The radiological diagnosis of a Chiari I malformation is almost always made by MRI. In the presence of invagination, however, additional radiological examinations are mandatory to establish all associated features. The diagnostic workup has to include a detailed analysis of the bony and vascular anatomy as well as functional studies apart from an MRI image. Preoperative CT scans with reconstructions in sagittal and coronal planes are extremely helpful for surgical planning to evaluate the bony anatomy of the craniocervical junction (Table 3).20 In combination with a CT angiography study, the exact courses of the vertebral arteries can be demonstrated to avoid vascular injuries during surgery. The CT studies in ante- and retroflex-ion allow a good evaluation of functional aspects (such as instabilities of C1-2, in particular). Functional radiographs may serve the same purpose. However, the often short necks of these patients may make a good visualization of the C1-2 segment difficult. Segmentation anomalies such as fusion of the atlas to the occiput or Klippel-Feil syndrome of the subaxial spine were much more common in the invagination group and should always be considered as features predisposing to craniocervical instability in patients with a Chiari I malformation.

Management of the Craniocervical Pathology

Symptomatic patients with Chiari I malformation require a decompression of the foramen magnum. But how should this decompression be designed? If a basilar invagination is present as well, do these patients require a ventral, transoral decompression? Is a sagittal realignment and posterior fusion sufficient for these patients, or should a foramen magnum decompression be performed as well?

The ongoing debate on the optimal foramen magnum decompression cannot be solved with this paper because all patients were treated in the same pattern: they underwent a suboccipital craniectomy enlarging the foramen magnum, a laminectomy C-1, dura and arachnoid opening, opening of the fourth ventricle if obstructed, and a duraplasty (Fig. 1). A detailed analysis of results incorporating data from the Department of Neurosurgery at the University of California Los Angeles had established the superiority of this technique compared with interventions that left the arachnoid intact.29,32

For patients with basilar invagination, some publications suggest that a ventral decompression alone,13,37 cervical traction,24 or posterior sagittal realignment and fusion with or without a bony decompression17,22,23 may be sufficient. In this series, a foramen magnum decompression was always incorporated into the procedure rather than limiting the operation to posterior alignment and fusion, because the realignment does release the ventral compression by the odontoid but not necessarily the posterior compression by the cerebellar tonsils and the CSF obstruction associated with it (Fig. 2).
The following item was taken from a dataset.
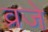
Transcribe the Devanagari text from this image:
व्रजे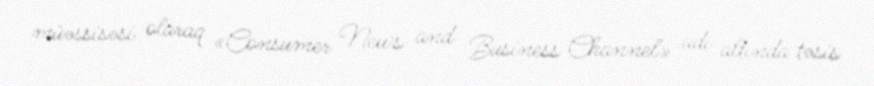
müəssisəsi olaraq «Consumer News and Business Channel» adı altında təsis

The treatment algorithm (Fig. 9) presented here stratifies patients according to the presence or absence of a basilar invagination and distinguishes further between patients with (Fig. 2) or without ventral compression by the odontoid peg (Fig. 4). Patients without ventral compression do not require a reduction of a ventral component and can be treated by a foramen magnum decompression alone— unless instability is likely to develop due to segmentation anomalies demonstrated on preoperative functional images or detected during surgery, in which case fusion should be added.18

FIG. 9.
FIG. 9.

Algorithm for surgical management of Chiari I malformation in patients with and without additional basilar invagination. CCN = caudal cranial nerves.

Preoperative functional radiographs or CT scans may not pick up instabilities, however, because patients may restrict their range of motion according to their biomechanical limitations. Measurements of several angles between different skull base structures and the upper cervical spine have been proposed and used to aid in the determination whether craniocervical instability is present or likely to be so.7,54 Such measurements were not used in this series, and whether they would have been useful in deciding if fusion should be performed in patients without ventral compression cannot be evaluated in retrospect. Segmentation anomalies and intraoperative judgment of stability were considered sufficient for identification of patients who require fusion in this subgroup. After induction of general anesthesia and muscle relaxation, one may encounter considerable hypermobilities not apparent on preoperative images. With the head securely fixed in the Mayfield clamp, the competence of C1–2 joints as well as those of the subaxial spine can be evaluated intraoperatively. Even though no objective criteria can be defined to diagnose instability during surgery, it is my experience that the intraoperative evaluation of C1–2 stability is a reasonable adjunct to decide whether a fusion is required.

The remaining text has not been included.